■ About this task ■
Everything in the listing below must be set down again exactly, apart from the pictures.

■ Records provided ■
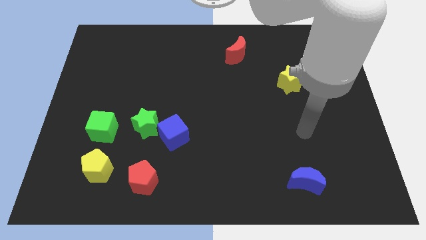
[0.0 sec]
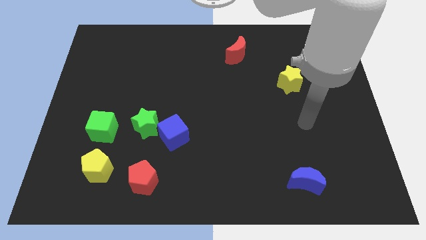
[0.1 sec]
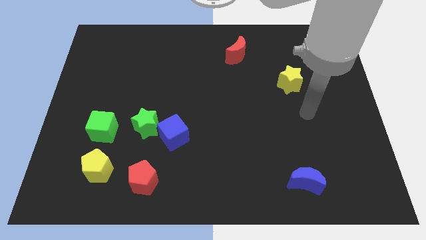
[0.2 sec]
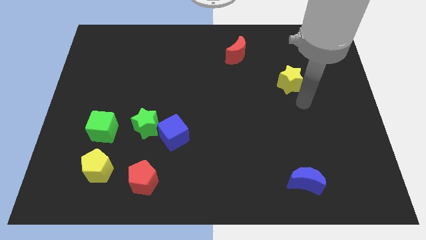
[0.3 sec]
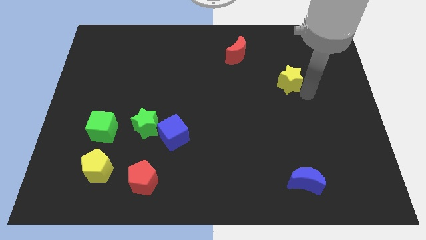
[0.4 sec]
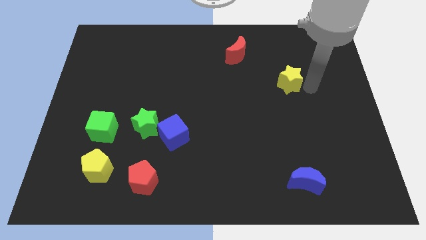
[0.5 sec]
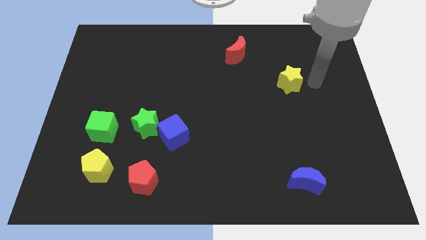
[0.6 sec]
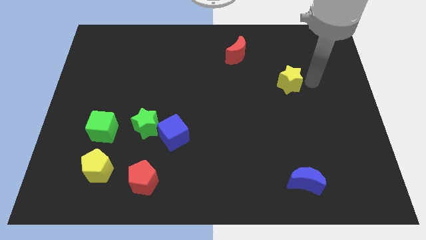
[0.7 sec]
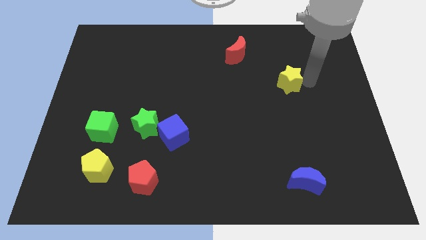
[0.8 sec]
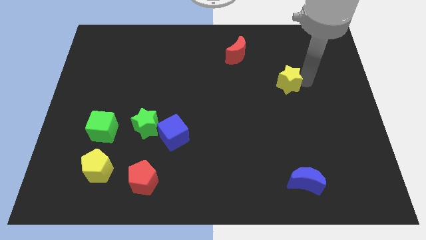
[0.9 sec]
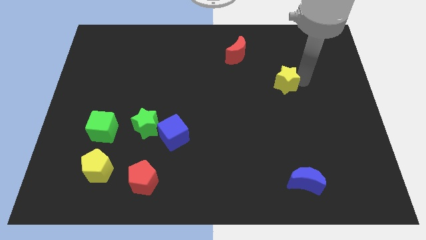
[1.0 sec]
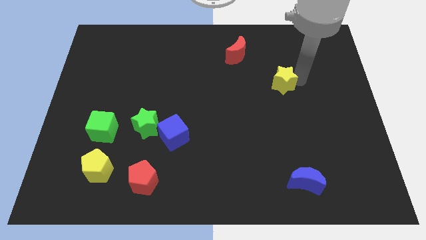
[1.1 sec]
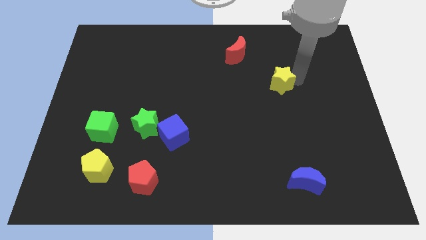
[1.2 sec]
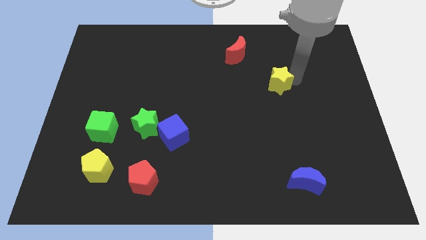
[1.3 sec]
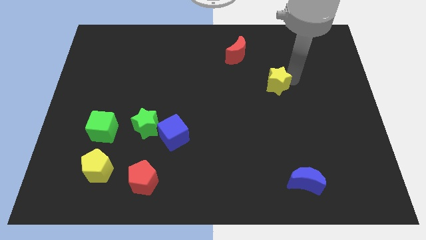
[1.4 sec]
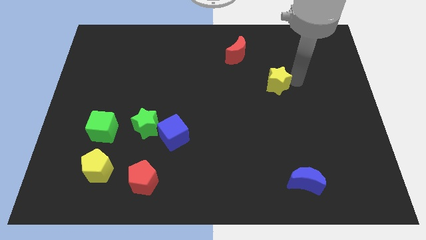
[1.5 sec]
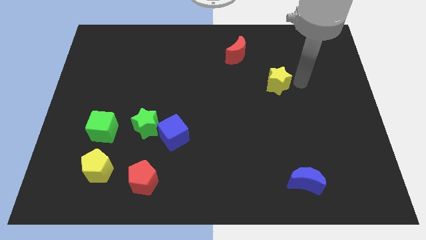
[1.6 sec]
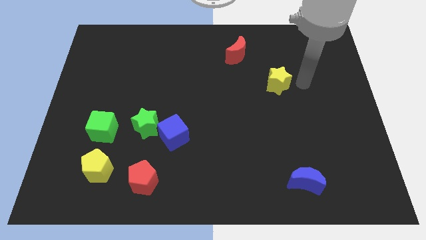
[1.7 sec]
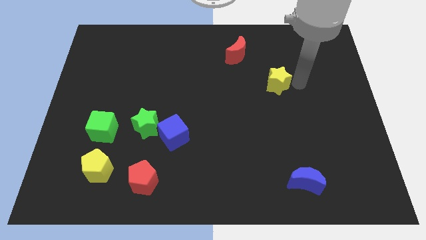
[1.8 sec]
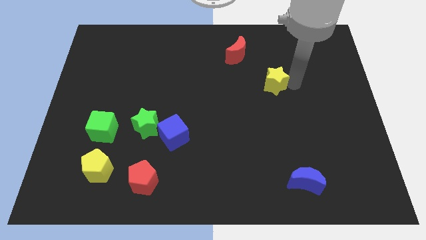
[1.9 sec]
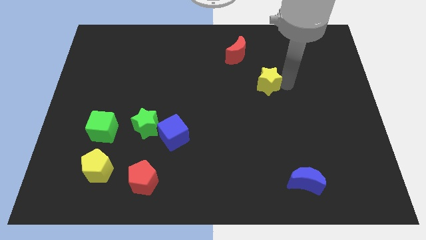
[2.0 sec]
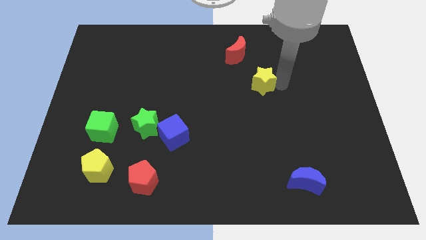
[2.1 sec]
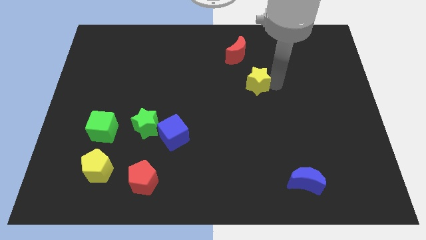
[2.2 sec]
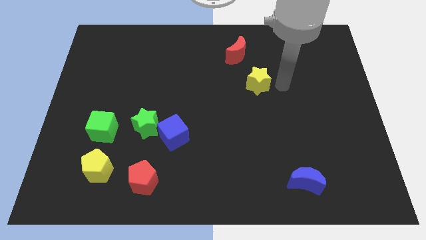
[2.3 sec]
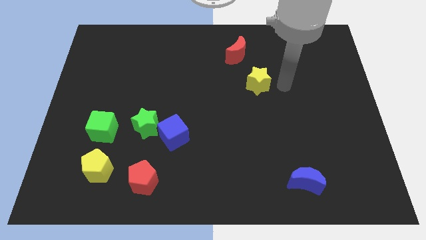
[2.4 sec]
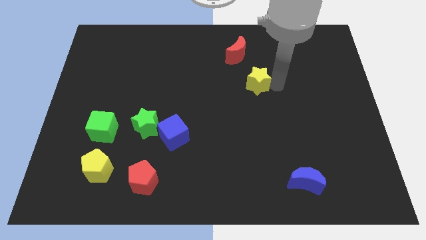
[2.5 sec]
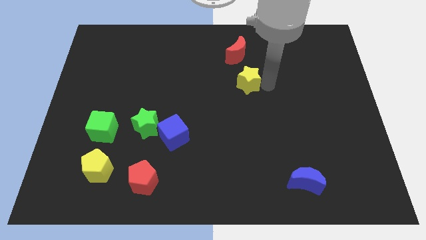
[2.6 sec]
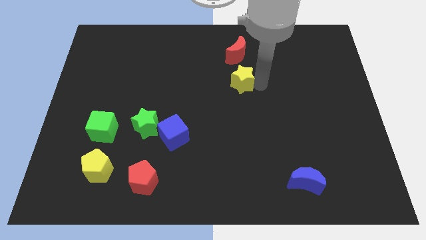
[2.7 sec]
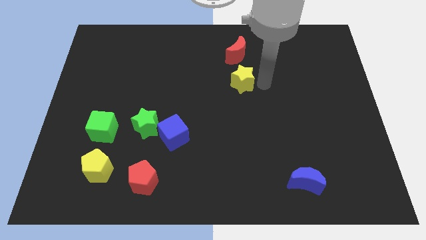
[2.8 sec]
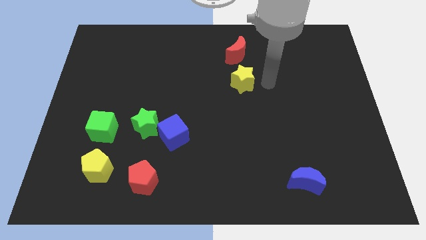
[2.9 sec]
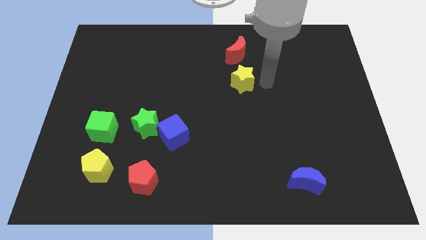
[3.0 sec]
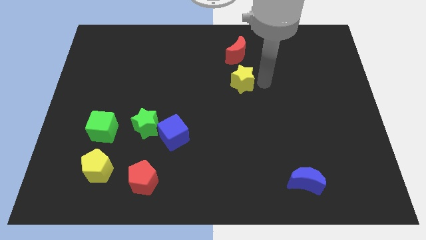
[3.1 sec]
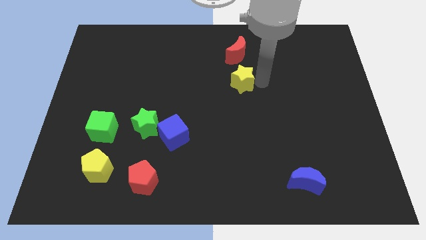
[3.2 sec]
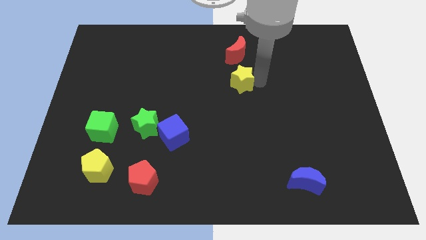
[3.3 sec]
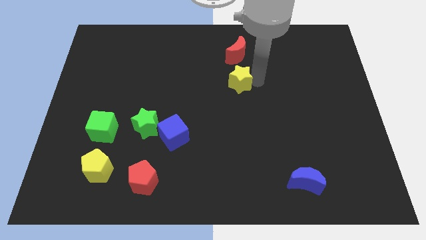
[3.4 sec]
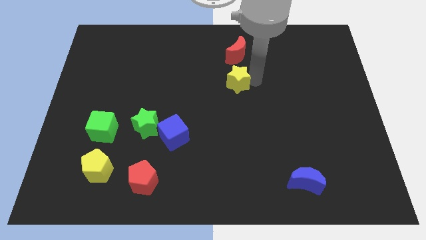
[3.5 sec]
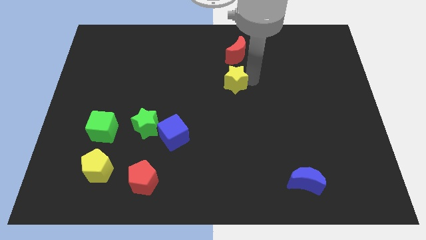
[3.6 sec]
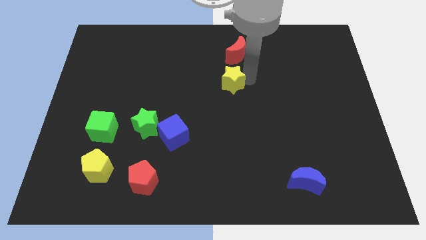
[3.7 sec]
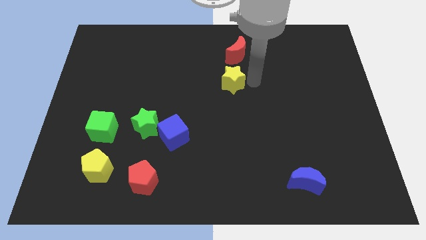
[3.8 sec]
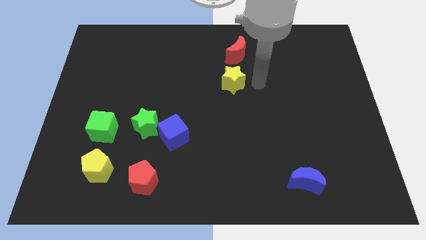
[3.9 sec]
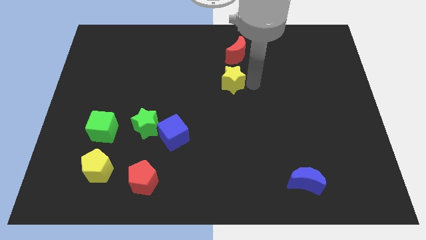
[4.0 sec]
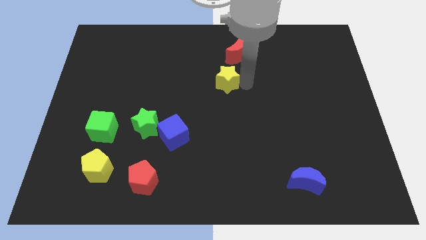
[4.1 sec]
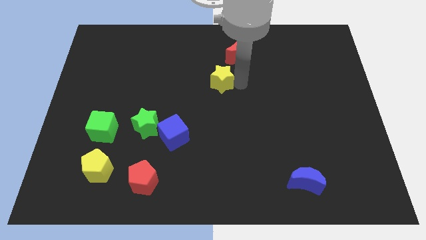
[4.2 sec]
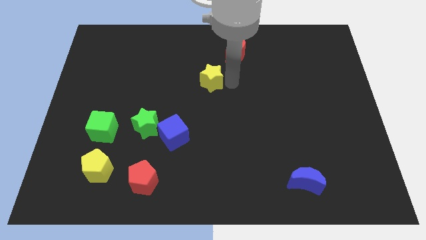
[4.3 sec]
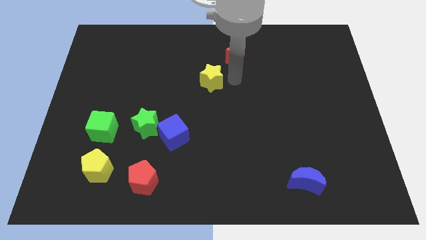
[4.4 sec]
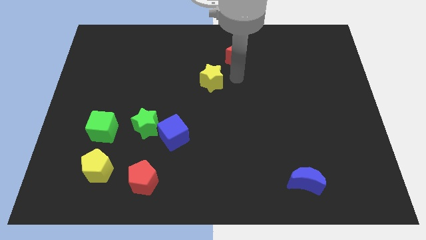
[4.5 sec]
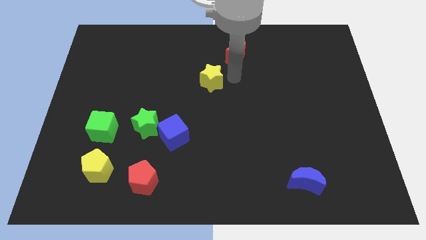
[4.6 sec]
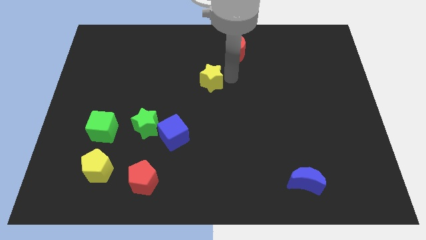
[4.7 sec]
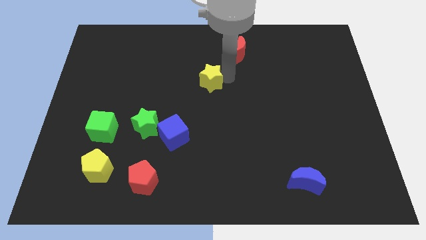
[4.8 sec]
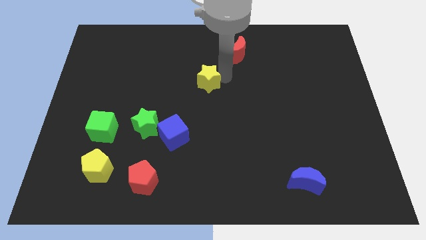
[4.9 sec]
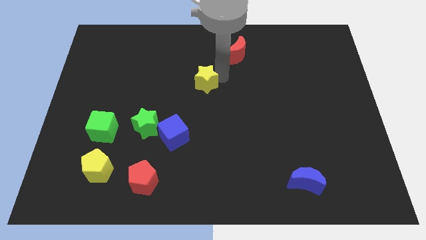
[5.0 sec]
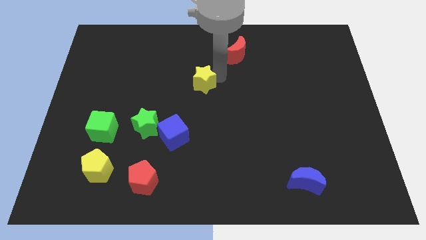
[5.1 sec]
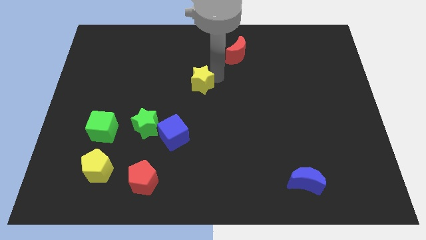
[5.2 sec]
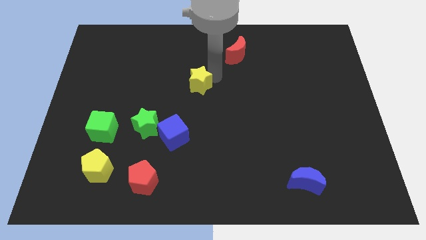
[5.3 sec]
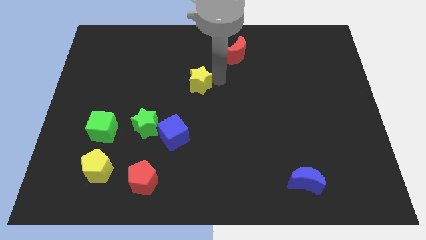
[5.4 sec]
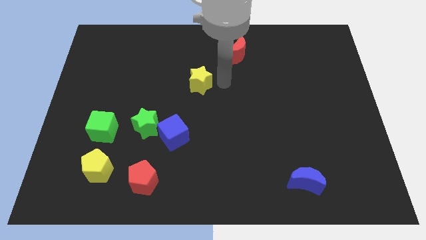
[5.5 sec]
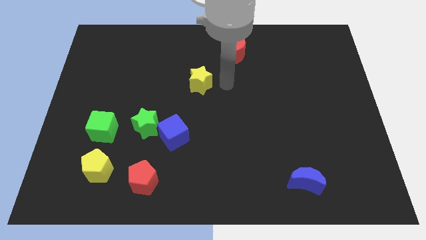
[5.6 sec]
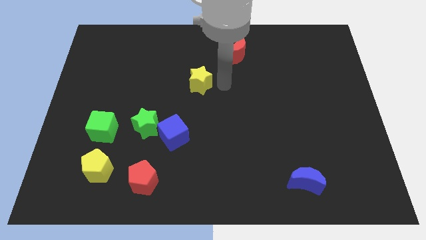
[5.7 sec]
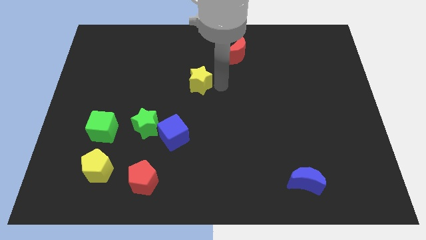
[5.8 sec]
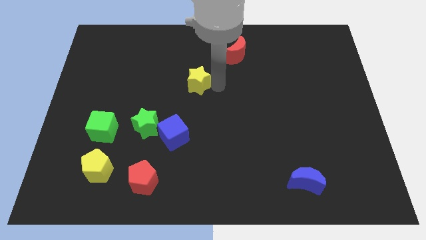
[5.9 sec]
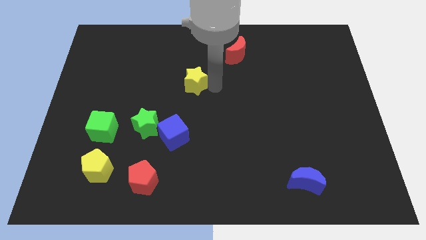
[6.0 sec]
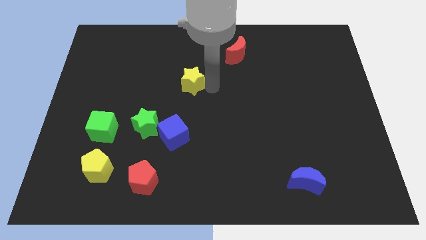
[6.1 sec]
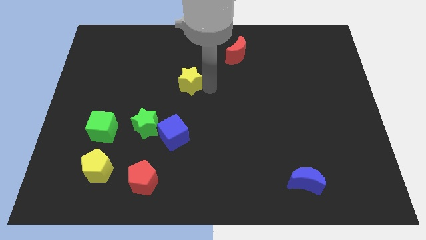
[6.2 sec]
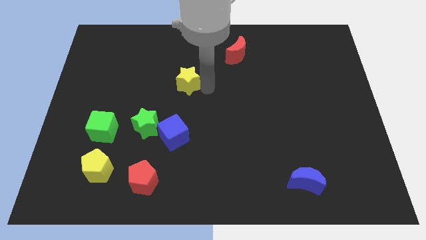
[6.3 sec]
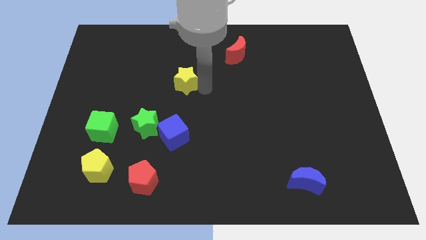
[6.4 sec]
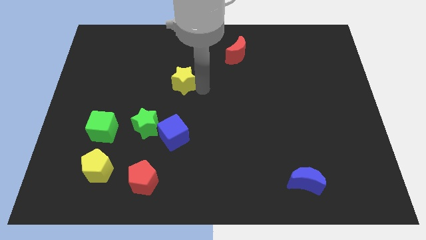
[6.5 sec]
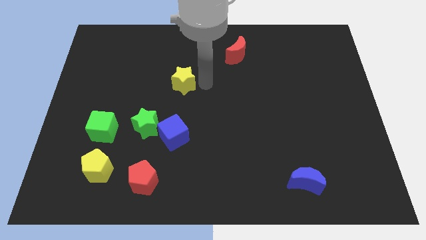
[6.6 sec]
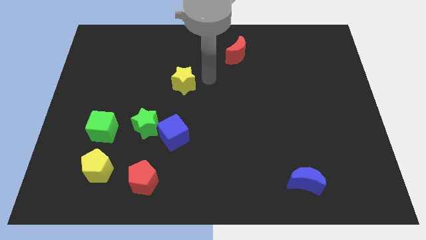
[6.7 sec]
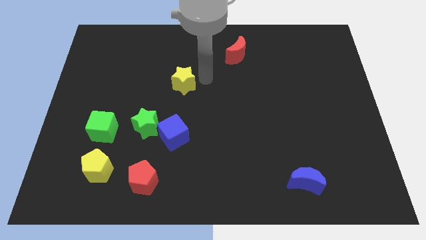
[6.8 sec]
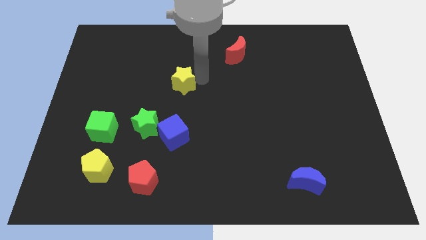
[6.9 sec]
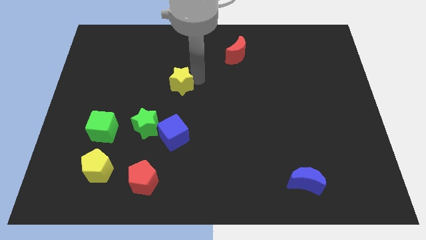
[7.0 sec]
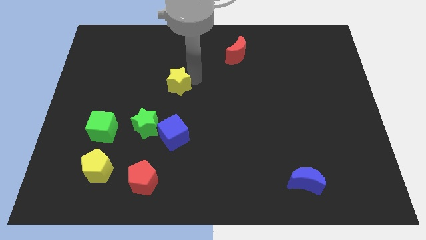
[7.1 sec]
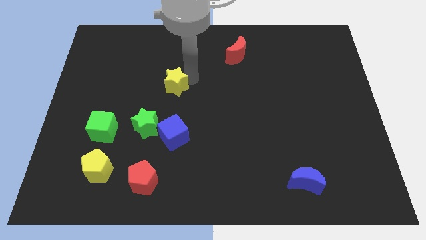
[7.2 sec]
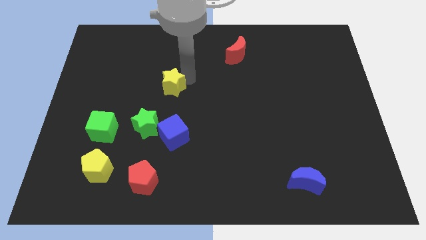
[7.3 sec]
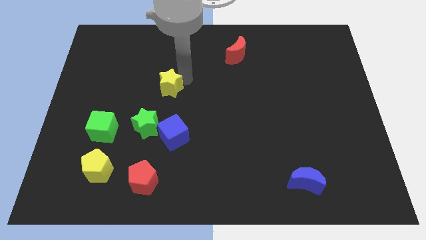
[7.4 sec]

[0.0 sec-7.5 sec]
slide the yellow star to the top side of the green star

■ Result ■
[0.0 sec]
[0.1 sec]
[0.2 sec]
[0.3 sec]
[0.4 sec]
[0.5 sec]
[0.6 sec]
[0.7 sec]
[0.8 sec]
[0.9 sec]
[1.0 sec]
[1.1 sec]
[1.2 sec]
[1.3 sec]
[1.4 sec]
[1.5 sec]
[1.6 sec]
[1.7 sec]
[1.8 sec]
[1.9 sec]
[2.0 sec]
[2.1 sec]
[2.2 sec]
[2.3 sec]
[2.4 sec]
[2.5 sec]
[2.6 sec]
[2.7 sec]
[2.8 sec]
[2.9 sec]
[3.0 sec]
[3.1 sec]
[3.2 sec]
[3.3 sec]
[3.4 sec]
[3.5 sec]
[3.6 sec]
[3.7 sec]
[3.8 sec]
[3.9 sec]
[4.0 sec]
[4.1 sec]
[4.2 sec]
[4.3 sec]
[4.4 sec]
[4.5 sec]
[4.6 sec]
[4.7 sec]
[4.8 sec]
[4.9 sec]
[5.0 sec]
[5.1 sec]
[5.2 sec]
[5.3 sec]
[5.4 sec]
[5.5 sec]
[5.6 sec]
[5.7 sec]
[5.8 sec]
[5.9 sec]
[6.0 sec]
[6.1 sec]
[6.2 sec]
[6.3 sec]
[6.4 sec]
[6.5 sec]
[6.6 sec]
[6.7 sec]
[6.8 sec]
[6.9 sec]
[7.0 sec]
[7.1 sec]
[7.2 sec]
[7.3 sec]
[7.4 sec]

[0.0 sec-7.5 sec]
slide the yellow star to the top side of the green star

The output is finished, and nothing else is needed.